Well if you are Messi or Ronaldo, quite a lot. This is why when a player signs their contract there will normally be a section about player rights. Clubs want the maximum image rights of a player but they might only be 50%, 70% or 90%. This could potentially affect a club in that every shirt that is sold with the players name on it, a percentage of that sale goes to the player. Or a company pays the club for a commercial with the club and player. The income of that deal will be split as per the image rights agreement.
After a fee has been agreed and the players demands have been met a player will undergo a medical.
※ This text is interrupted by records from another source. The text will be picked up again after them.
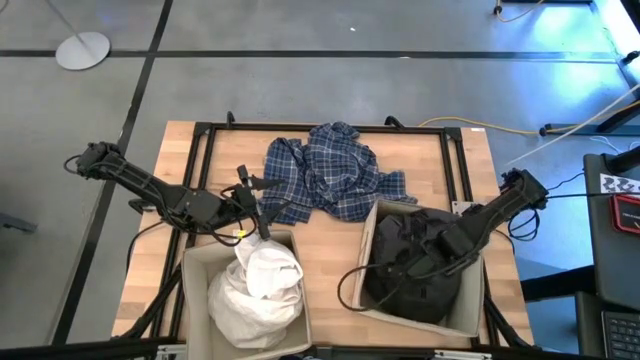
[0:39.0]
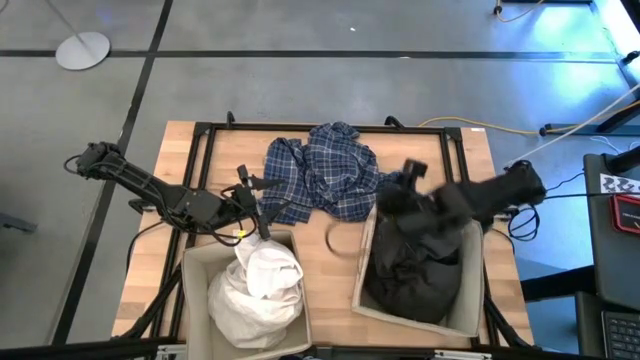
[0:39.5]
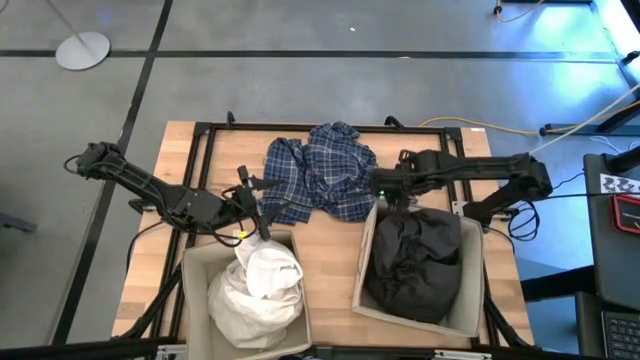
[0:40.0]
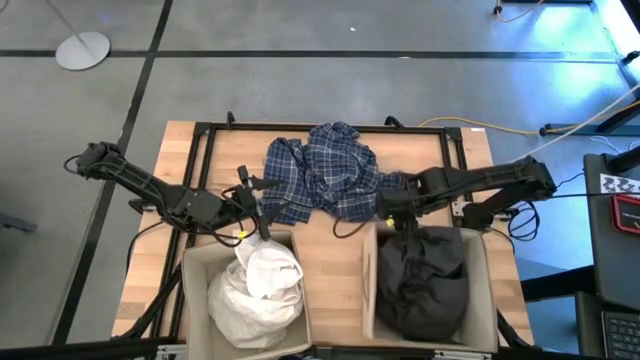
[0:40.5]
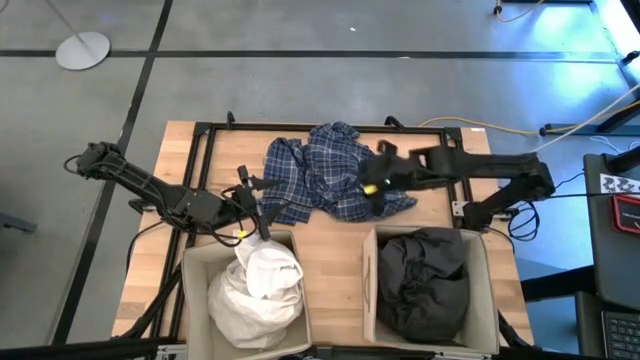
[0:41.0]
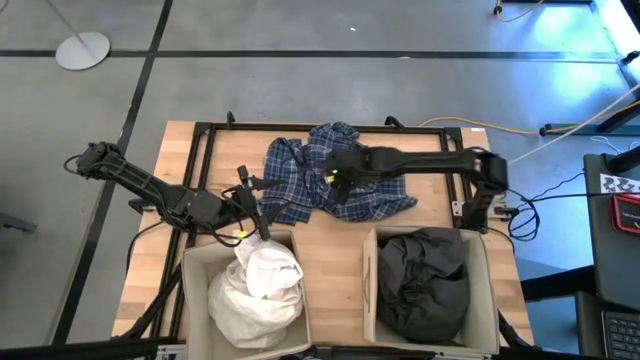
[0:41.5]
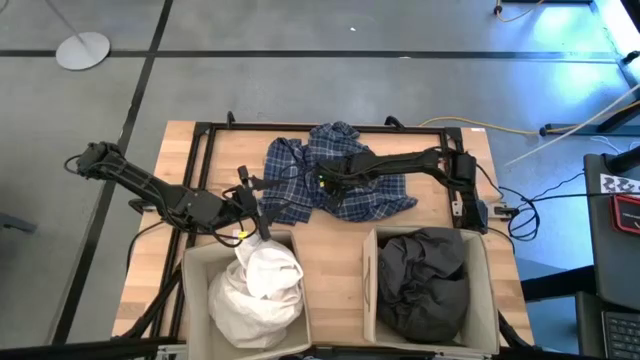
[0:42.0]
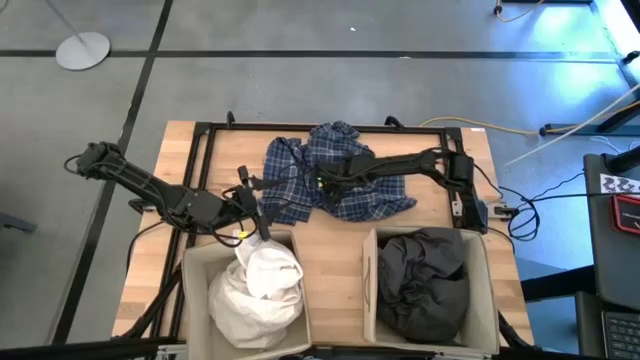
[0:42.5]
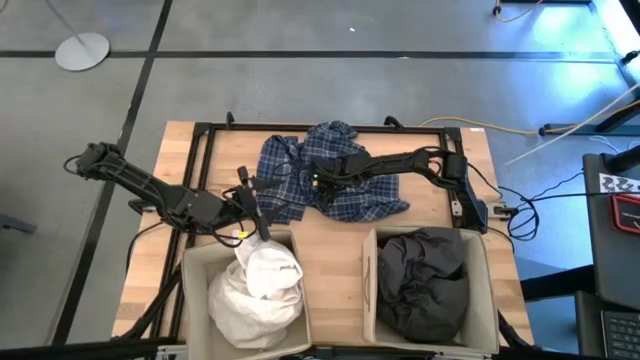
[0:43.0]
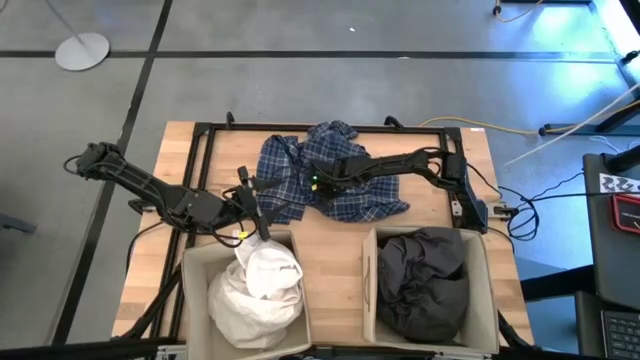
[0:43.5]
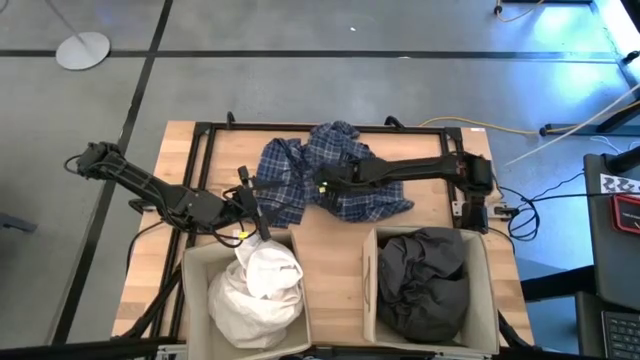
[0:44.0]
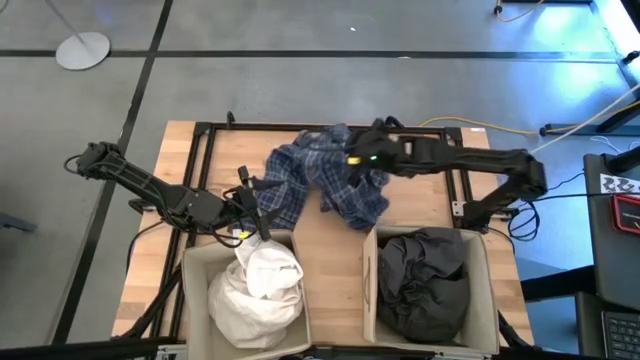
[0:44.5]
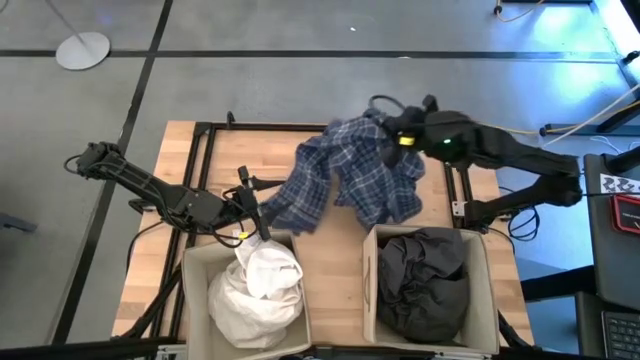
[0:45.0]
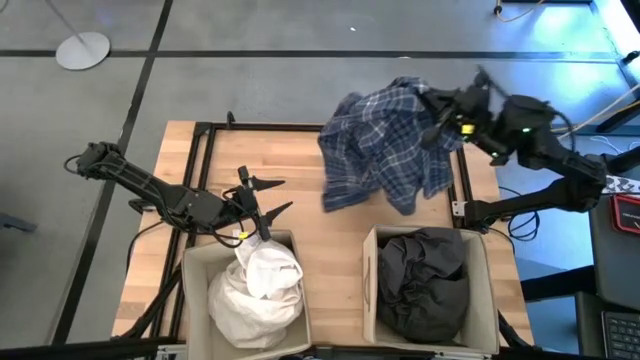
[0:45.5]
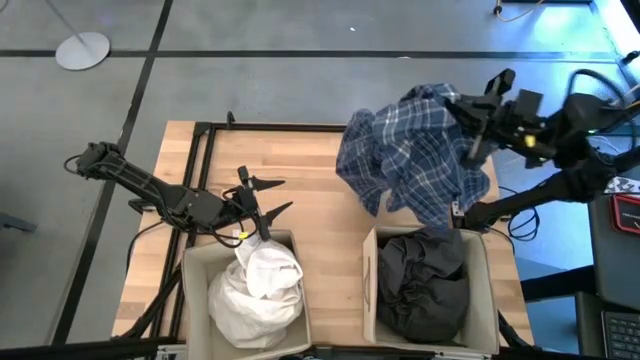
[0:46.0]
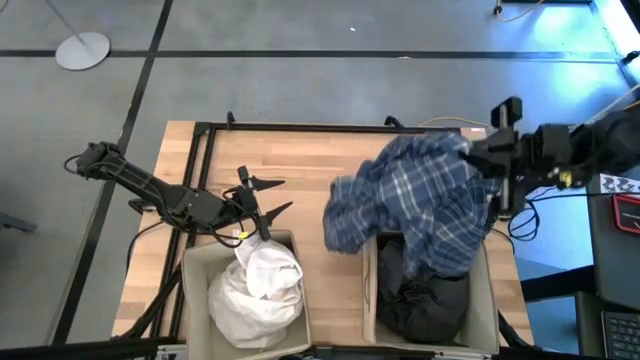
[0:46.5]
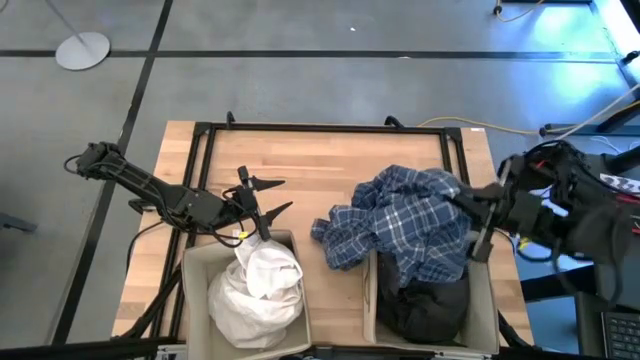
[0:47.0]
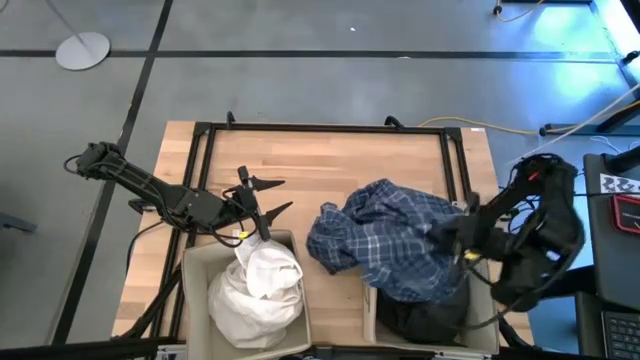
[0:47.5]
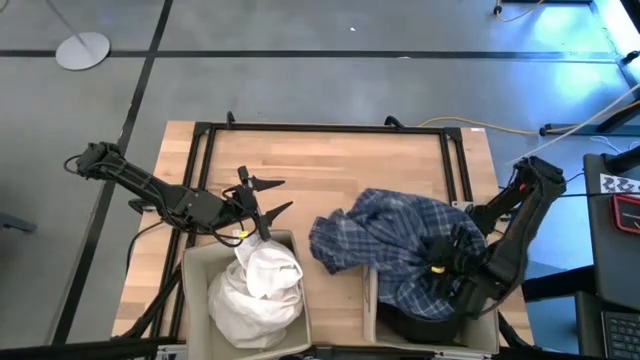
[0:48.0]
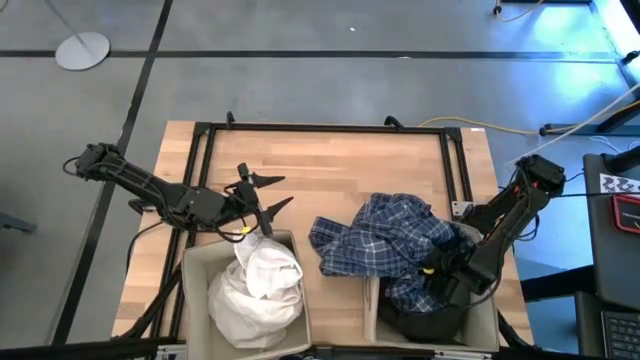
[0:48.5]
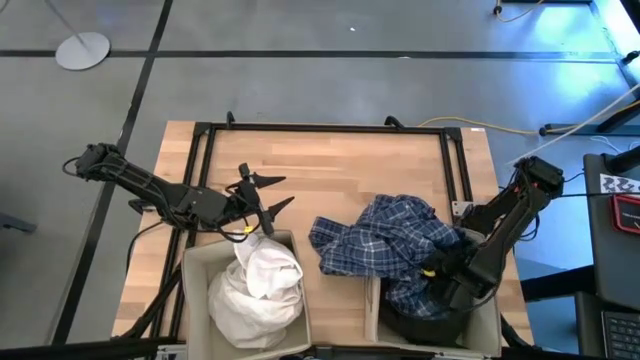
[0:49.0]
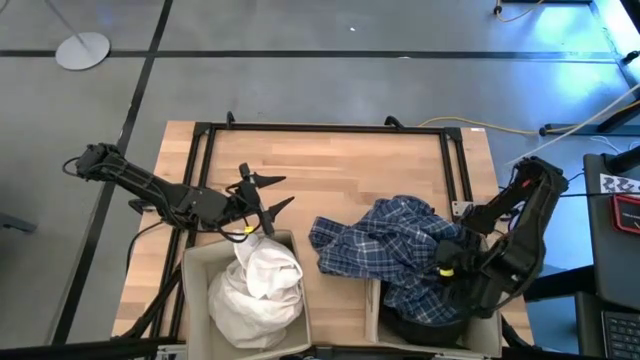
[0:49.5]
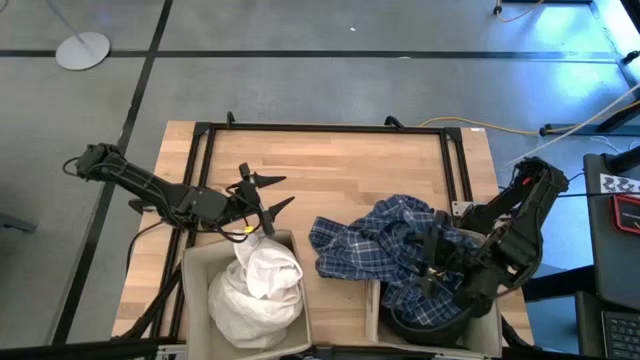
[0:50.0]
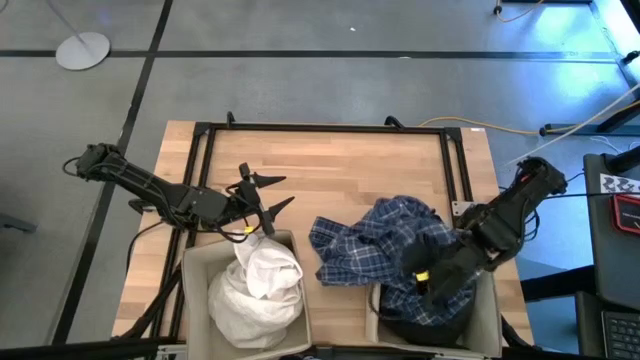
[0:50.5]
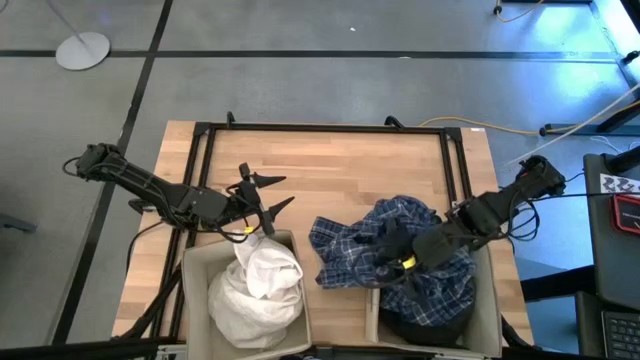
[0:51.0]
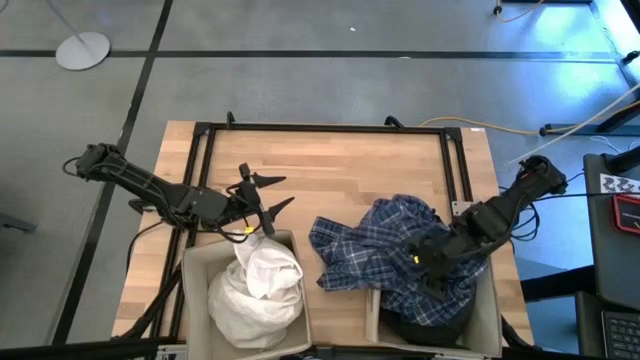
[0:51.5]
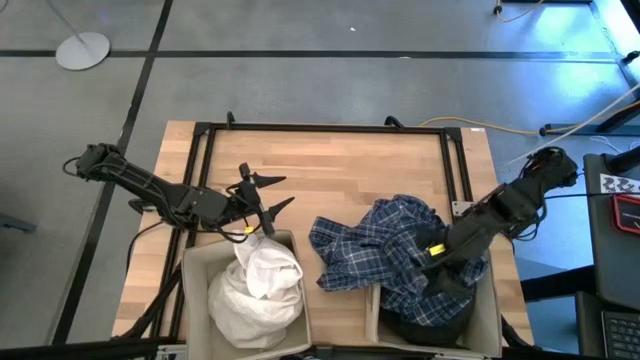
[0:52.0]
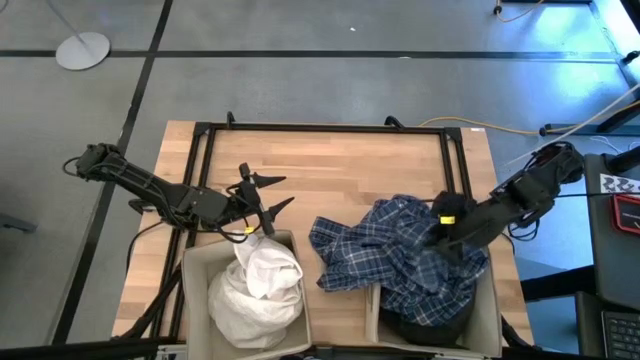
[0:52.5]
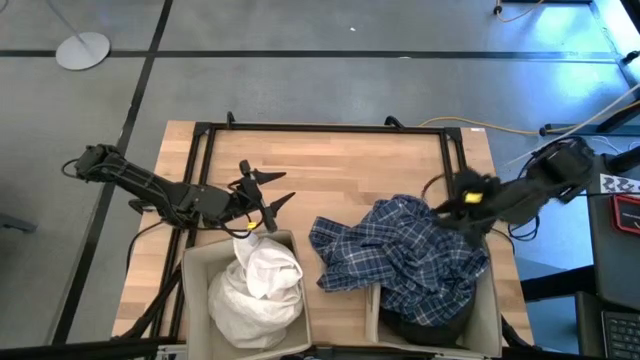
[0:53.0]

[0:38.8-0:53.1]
Task: Sort clothes
Put the blue checkered shirt into the right laundry organizer

Did you know that there actually isn’t really a pass or fail criteria? Each club is different and is based on their own standards. Which is why some players fail a medical at one club and pass it at another. This also explains why someone can pass a medical even if they are carrying an injury, for example when Dalot joined Manchester United and is still carrying an injury from last season.
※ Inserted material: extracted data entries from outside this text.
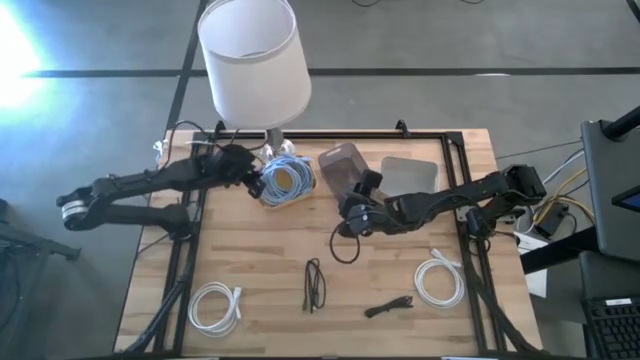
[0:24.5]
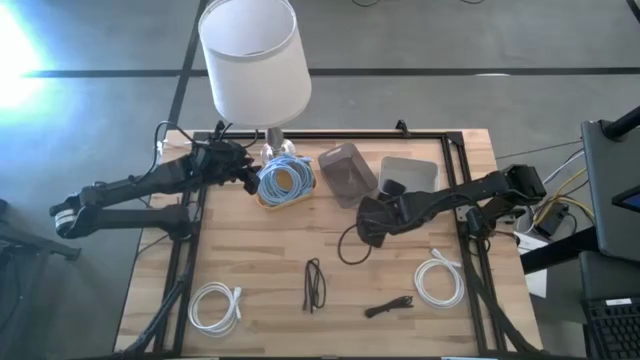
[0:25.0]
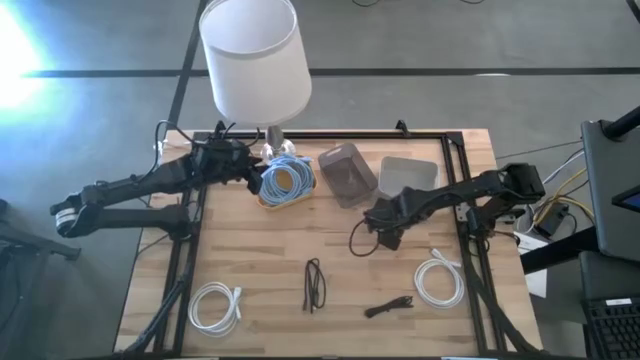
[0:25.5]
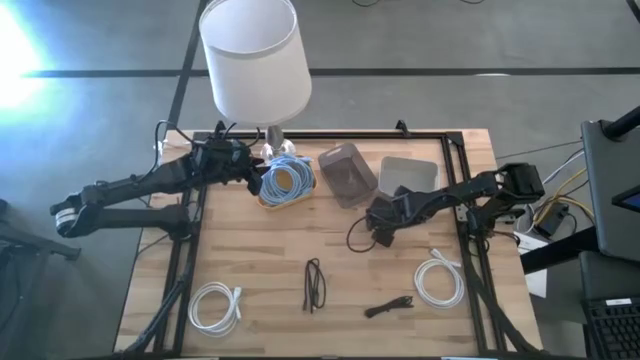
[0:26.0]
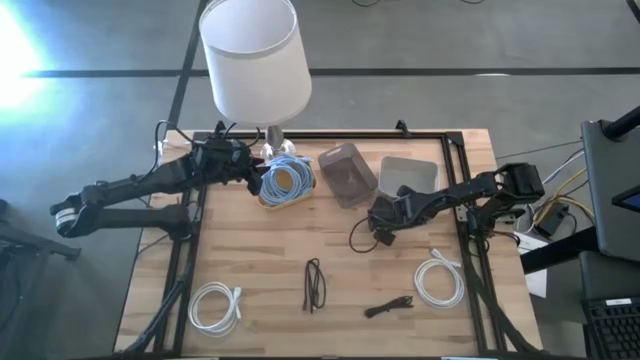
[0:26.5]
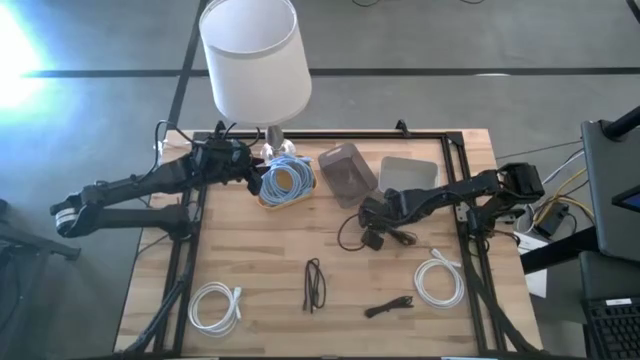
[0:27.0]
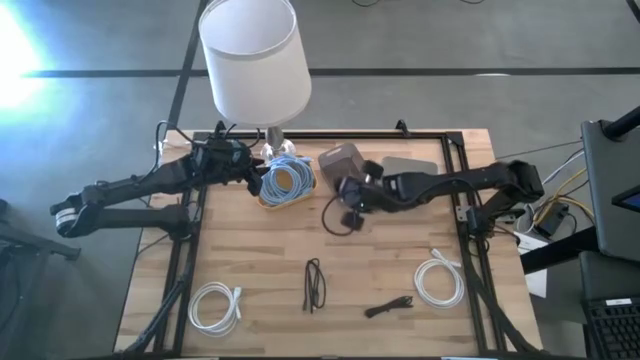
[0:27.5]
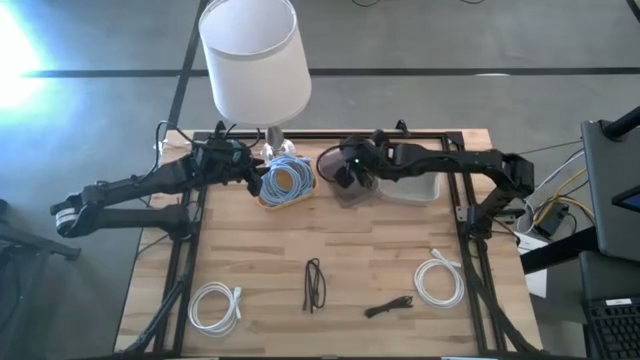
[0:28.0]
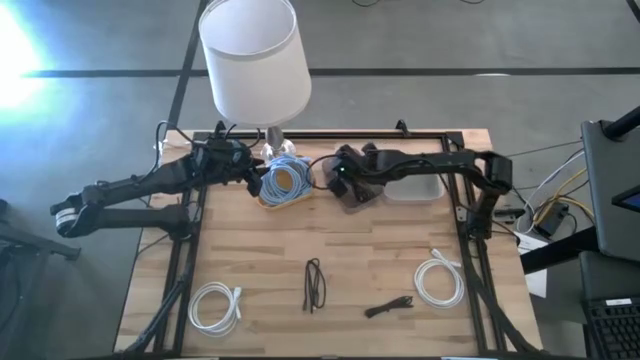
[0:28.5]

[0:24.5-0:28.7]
Task: Pick & Place USB Port
Put the top black charger cable into the black bin

A risk analysis is done on each player where on where the player is injury-wise, what the manager and the club want from that player and what it will cost. The player’s medical history is gathered and then a physical examination is then done. Further investigations might include MRI scans, blood tests and cardiac screening . After seeing the club doctor, a player is passed to physiotherapists and sports scientists for his fitness tests.
More tests can be done based on the amount of time available, which is why some medicals take over a day to complete while some take less than a couple hours. The more information you have available the more informed the club can be to make a decision. So rushing a medical can be a risk but its a risk a lot of clubs are willing to take.
After a fee and players terms have been agreed and the player has passed their medical the transfer can now be completed. The following process is then followed out in order to complete the players transfer from one club to another:
- The association representing the selling club (e.g. the FA) must confirm the player’s identity in the International Transfer Matching System (ITMS).
- Once that confirmation is in place, Fifa will allow the process to continue.
- The association representing the buying club requests an International Transfer Certificate (ITC) from the selling club’s association.
- The selling club’s association either delivers the ITC or rejects the request.
- If delivered the buying association must then enter the player’s registration date in the ITMS.
- The player becomes eligible to play for his new club.
- His new club completes payment to the selling club and uploads receipts to the ITMS.
- The transfer is complete
So there you have it! Simple right?
If only. Football transfers are tricky things, but for us fans they are a great spectacle and a great conversation starter. So we’ll leave the clubs to their thing while we busy speculate who will be moving where and for how much!